Ralph Fücks

Ralf Fücks, 1951 in Edenkoben (Pfalz) geboren, studierte Sozialwissenschaft, Ökonomie und Geschichte in Heidelberg und Bremen. Parallel engagierte er sich in der Studentenbewegung und in der außerparlamentarischen Opposition. Nach dem Studium arbeitete er als Lehrbeauftragter an der Universität Bremen und als Dozent in der Erwachsenenbildung. Für die Zeitschrift "Moderne Zeiten", die er 1980 mitgründete, war er als Redakteur tätig.
1982 schloss sich Fücks den GRÜNEN an, wurde wissenschaftlicher Mitarbeiter ihrer Fraktion in der Bremischen Bürgerschaft und von 1985 bis 1989 selbst Abgeordneter und Fraktionsvorsitzender.
1989/90 wurde er als Co-Vorsitzender in den Bundesvorstand der GRÜNEN gewählt. Entschieden sprach er sich dafür aus, die GRÜNEN zu einer Regierungspartei zu machen und gemeinsam mit der SPD eine "neue geistige und politische Hegemonie" anzustreben. Nachdem die Partei in der ersten gesamtdeutschen Wahl 1990 an der 5 Prozent-Hürde scheiterte, veröffentlichte er das Buch "Sind die Grünen noch zu retten?".

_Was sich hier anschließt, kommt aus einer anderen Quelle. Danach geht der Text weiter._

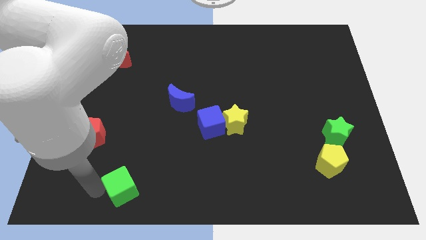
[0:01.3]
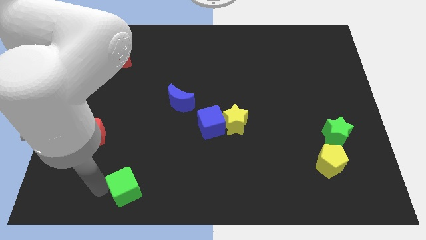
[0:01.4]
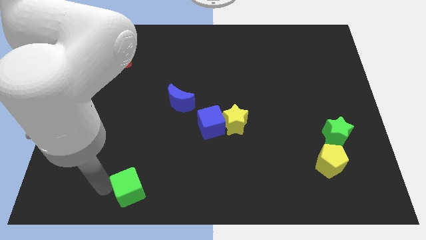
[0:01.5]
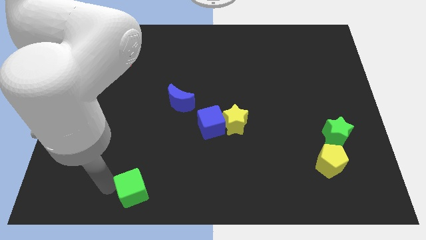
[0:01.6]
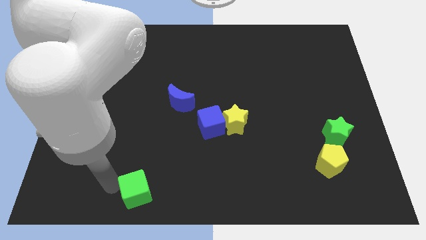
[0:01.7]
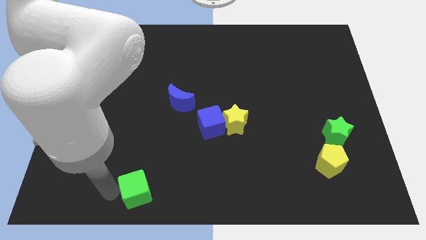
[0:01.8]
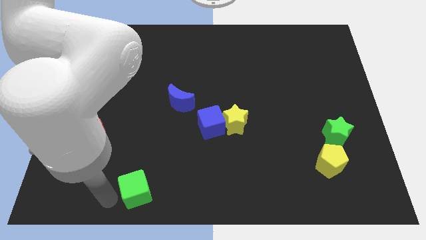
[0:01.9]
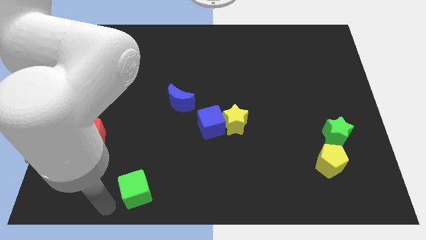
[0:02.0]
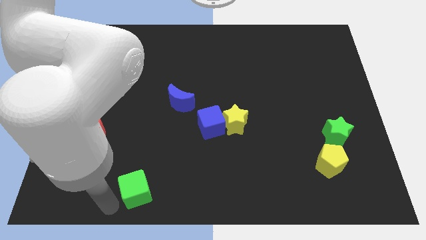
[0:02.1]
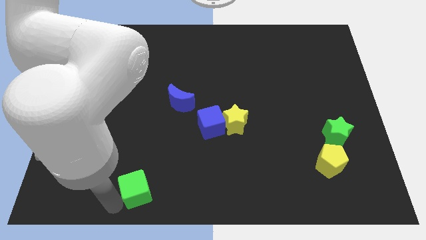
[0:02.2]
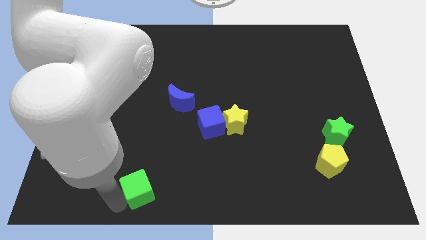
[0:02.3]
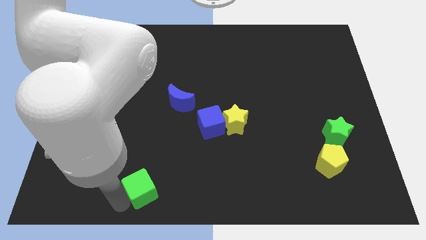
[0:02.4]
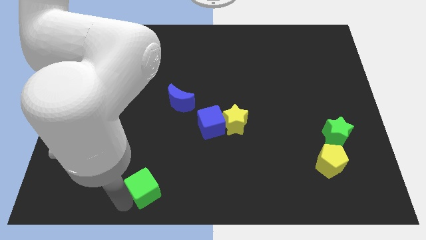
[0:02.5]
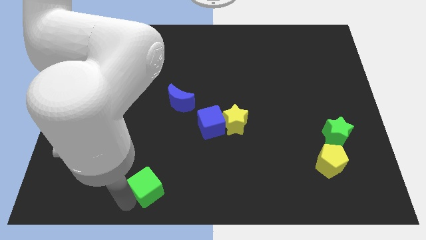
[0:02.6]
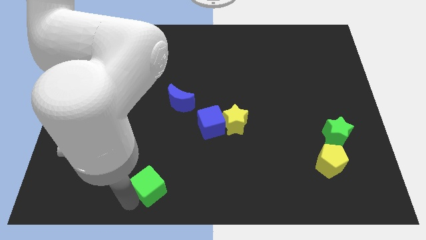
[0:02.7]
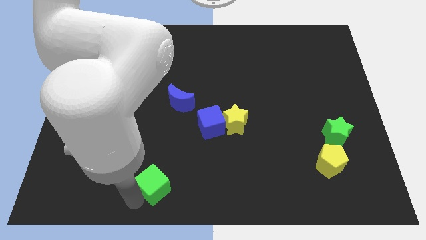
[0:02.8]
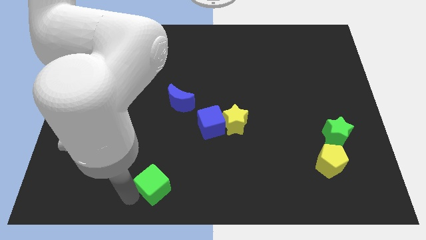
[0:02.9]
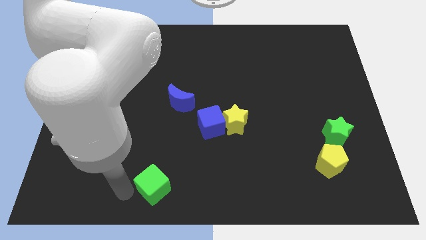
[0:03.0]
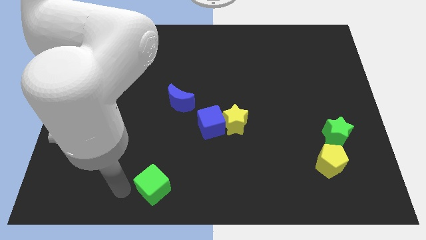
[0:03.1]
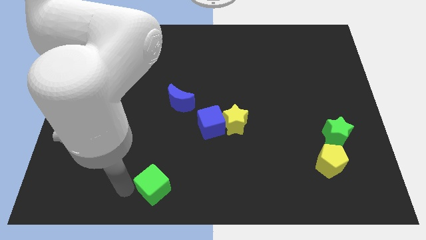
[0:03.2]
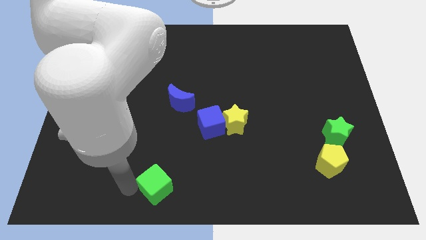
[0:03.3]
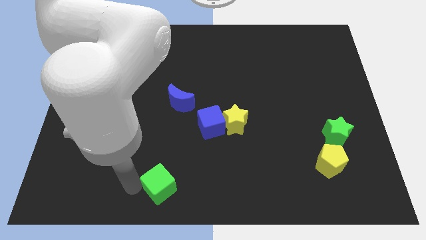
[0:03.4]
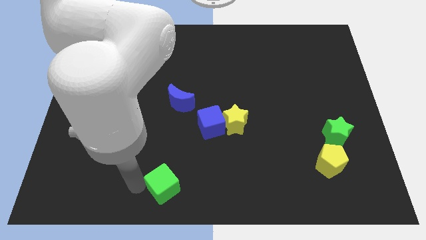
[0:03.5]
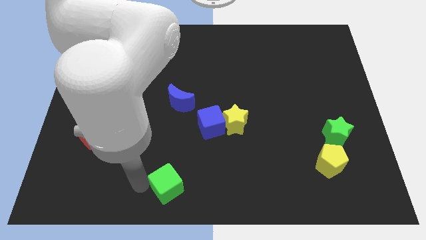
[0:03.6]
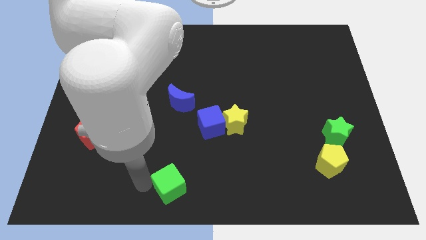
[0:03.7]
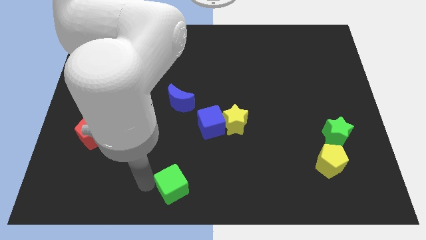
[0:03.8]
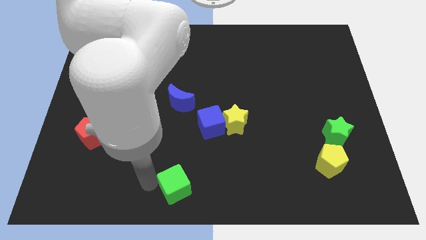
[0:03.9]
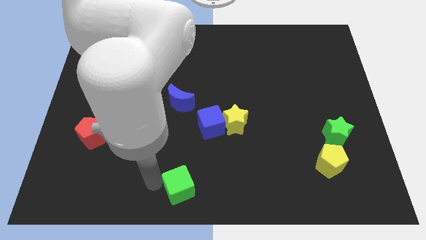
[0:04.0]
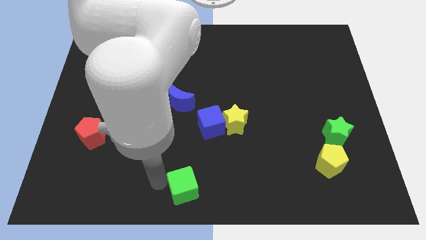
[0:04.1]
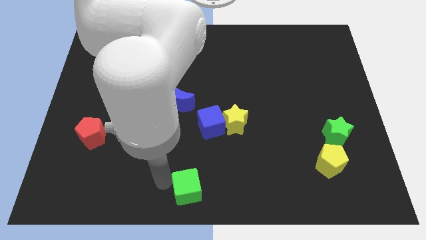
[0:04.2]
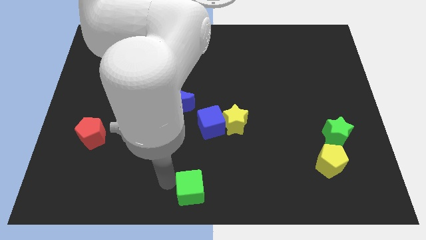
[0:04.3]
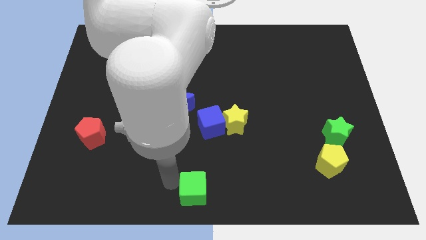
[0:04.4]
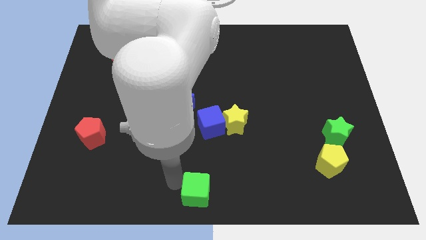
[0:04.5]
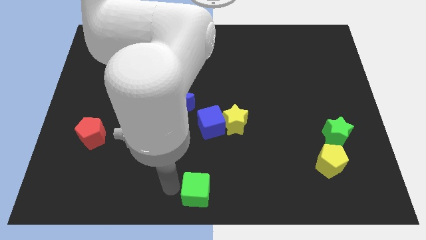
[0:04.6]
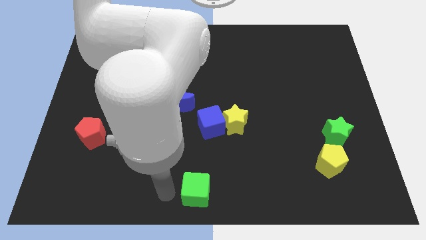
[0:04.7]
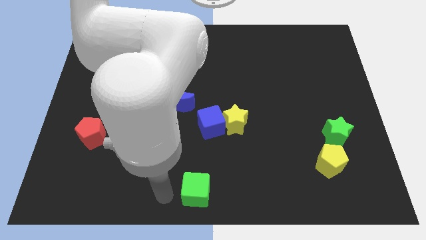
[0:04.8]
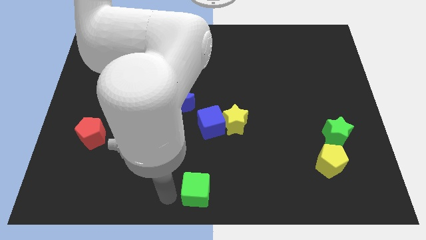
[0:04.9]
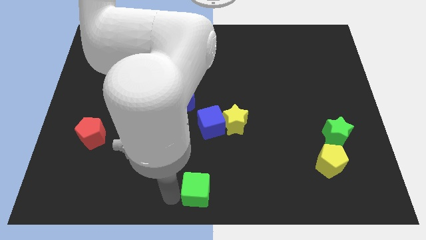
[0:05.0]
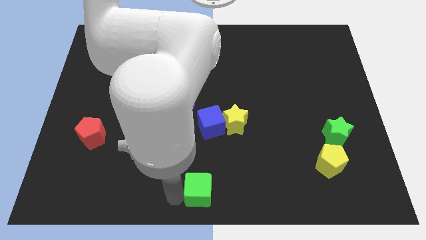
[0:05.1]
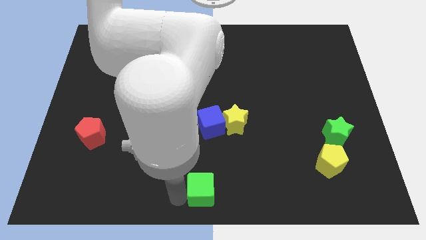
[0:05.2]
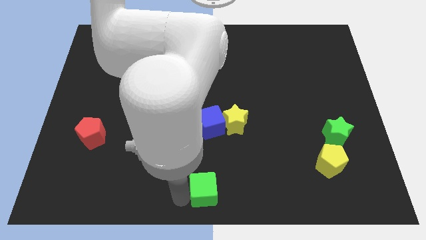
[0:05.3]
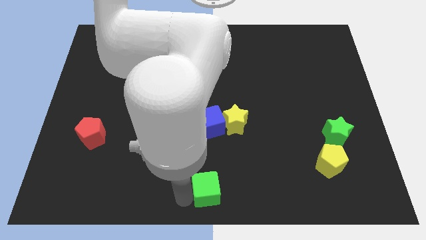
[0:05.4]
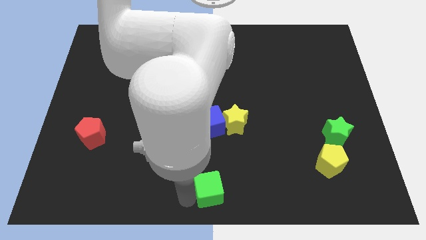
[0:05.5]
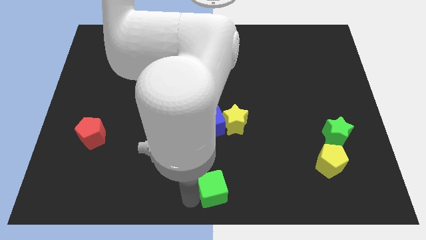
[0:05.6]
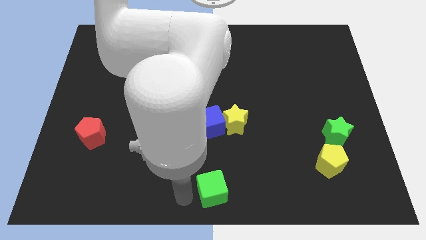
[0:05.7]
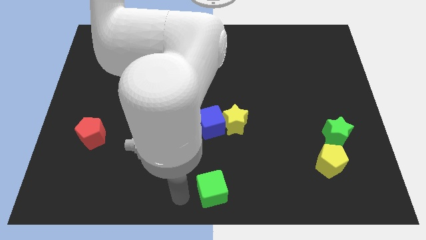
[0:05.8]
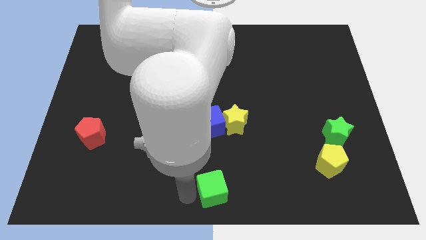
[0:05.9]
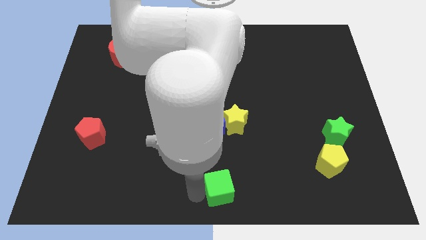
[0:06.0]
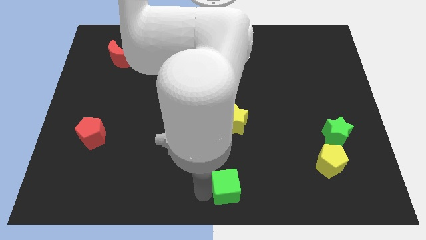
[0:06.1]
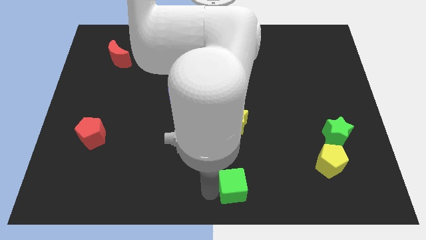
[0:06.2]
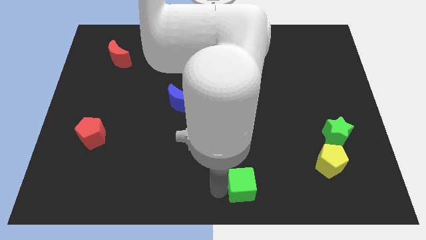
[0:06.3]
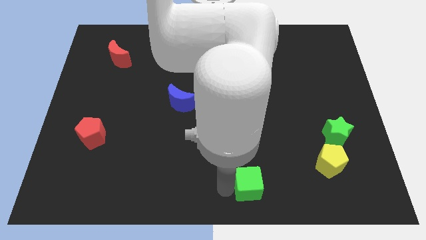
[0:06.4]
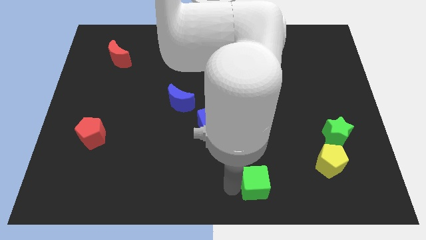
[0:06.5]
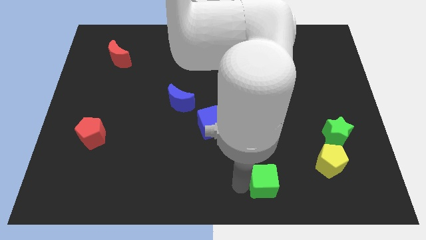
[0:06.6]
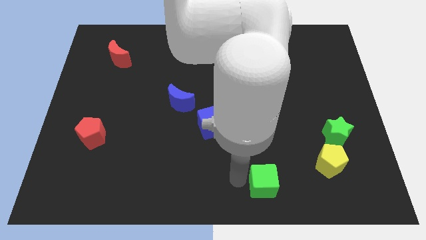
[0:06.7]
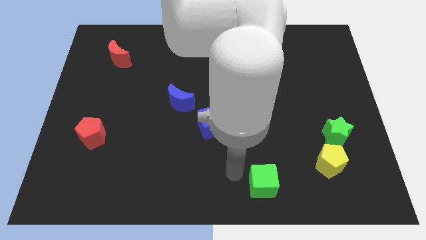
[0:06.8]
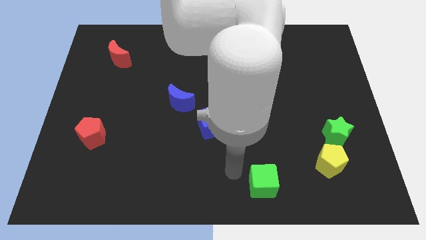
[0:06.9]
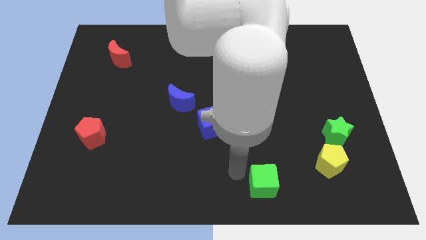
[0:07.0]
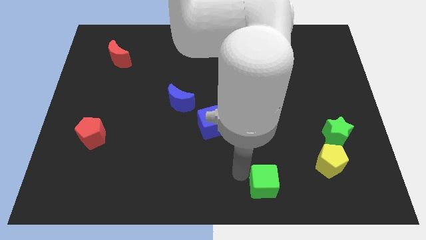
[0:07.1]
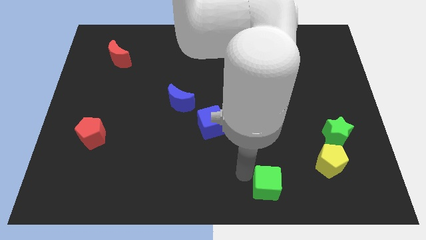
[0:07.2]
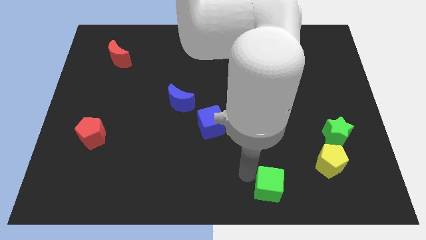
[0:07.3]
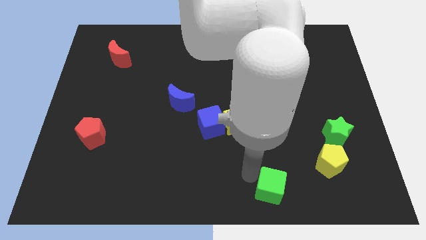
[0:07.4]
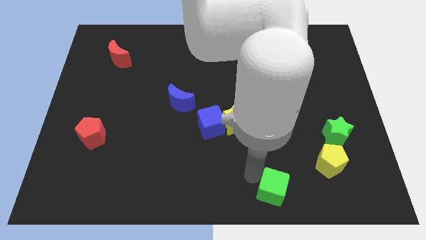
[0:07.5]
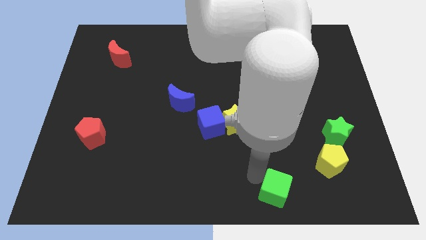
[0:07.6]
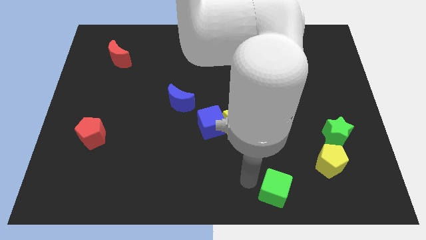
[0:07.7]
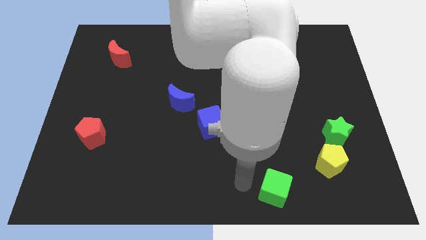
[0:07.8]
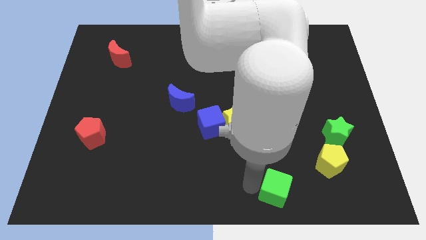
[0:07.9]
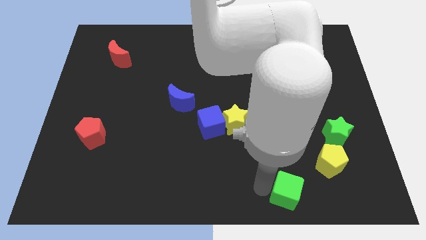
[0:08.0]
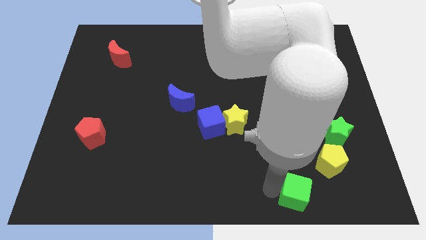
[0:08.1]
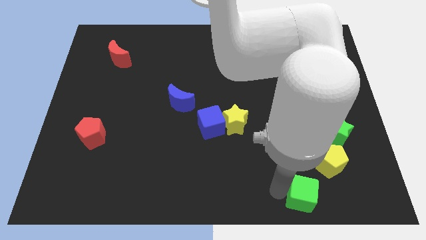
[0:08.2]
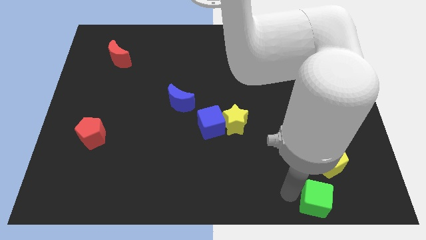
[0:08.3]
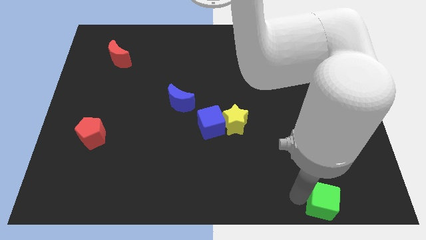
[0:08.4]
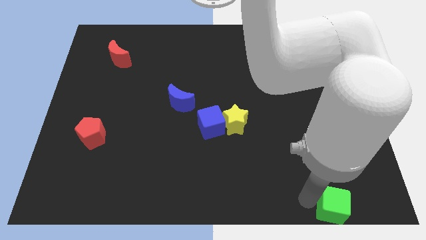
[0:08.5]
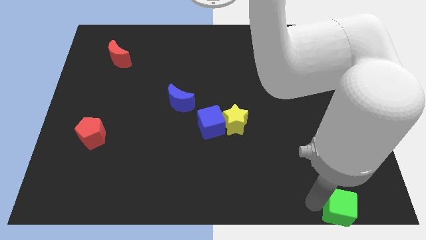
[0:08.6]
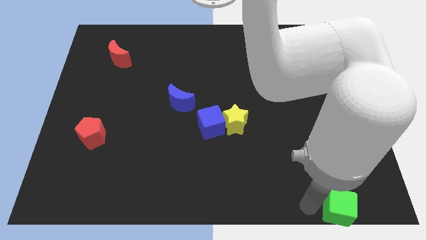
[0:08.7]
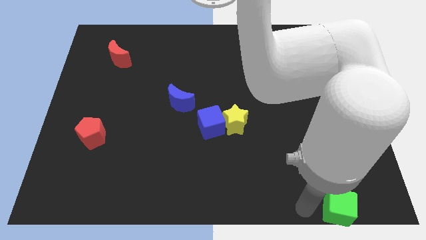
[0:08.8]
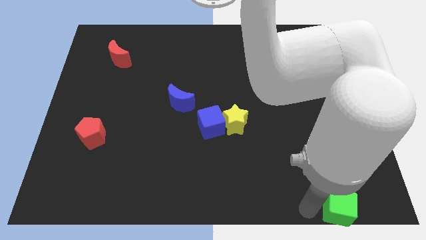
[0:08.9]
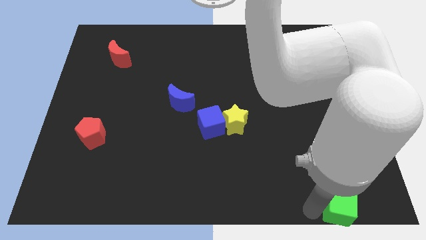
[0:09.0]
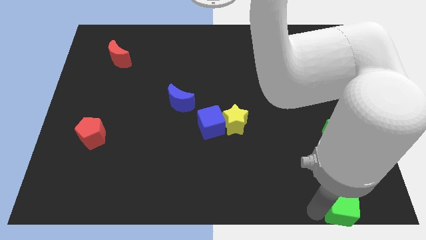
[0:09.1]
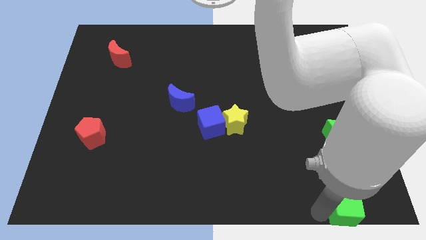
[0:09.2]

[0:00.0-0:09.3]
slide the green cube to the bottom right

1991 kehrte er in die Bremer Politik zurück und wurde Senator für Stadtentwicklung und Umweltschutz sowie zweiter Bürgermeister in der Bremer "Ampelkoalition", der ersten Koalition von Grünen, SPD und FDP in der Bundesrepublik. Sie zerbrach 1995 an Konflikten über Naturschutz und Stadtentwicklung.

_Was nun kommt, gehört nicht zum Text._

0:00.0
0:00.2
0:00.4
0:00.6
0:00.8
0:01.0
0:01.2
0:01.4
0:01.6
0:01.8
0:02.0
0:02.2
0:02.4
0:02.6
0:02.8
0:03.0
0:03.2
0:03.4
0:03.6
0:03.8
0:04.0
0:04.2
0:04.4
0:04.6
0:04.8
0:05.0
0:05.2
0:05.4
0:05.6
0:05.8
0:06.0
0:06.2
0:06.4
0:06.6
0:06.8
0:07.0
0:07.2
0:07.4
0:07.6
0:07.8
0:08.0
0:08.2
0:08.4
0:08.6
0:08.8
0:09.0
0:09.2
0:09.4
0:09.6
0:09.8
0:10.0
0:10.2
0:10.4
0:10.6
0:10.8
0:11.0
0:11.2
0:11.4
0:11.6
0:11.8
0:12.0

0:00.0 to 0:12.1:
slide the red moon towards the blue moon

Seit 1996 leitet Ralf Fücks die Heinrich-Böll-Stiftung

Er publiziert in großen deutschen Tages- und Wochenzeitungen, in internationalen politischen Zeitschriften sowie im Internet zum Themenkreis Ökologie-Ökonomie, Politische Strategie, Europa und Internationale Politik.

2013 veröffentlichte er "Intelligent wachsen. Die grüne Revolution". Hanser-Verlag, München 2013, ISBN 978-3-446-43484-4.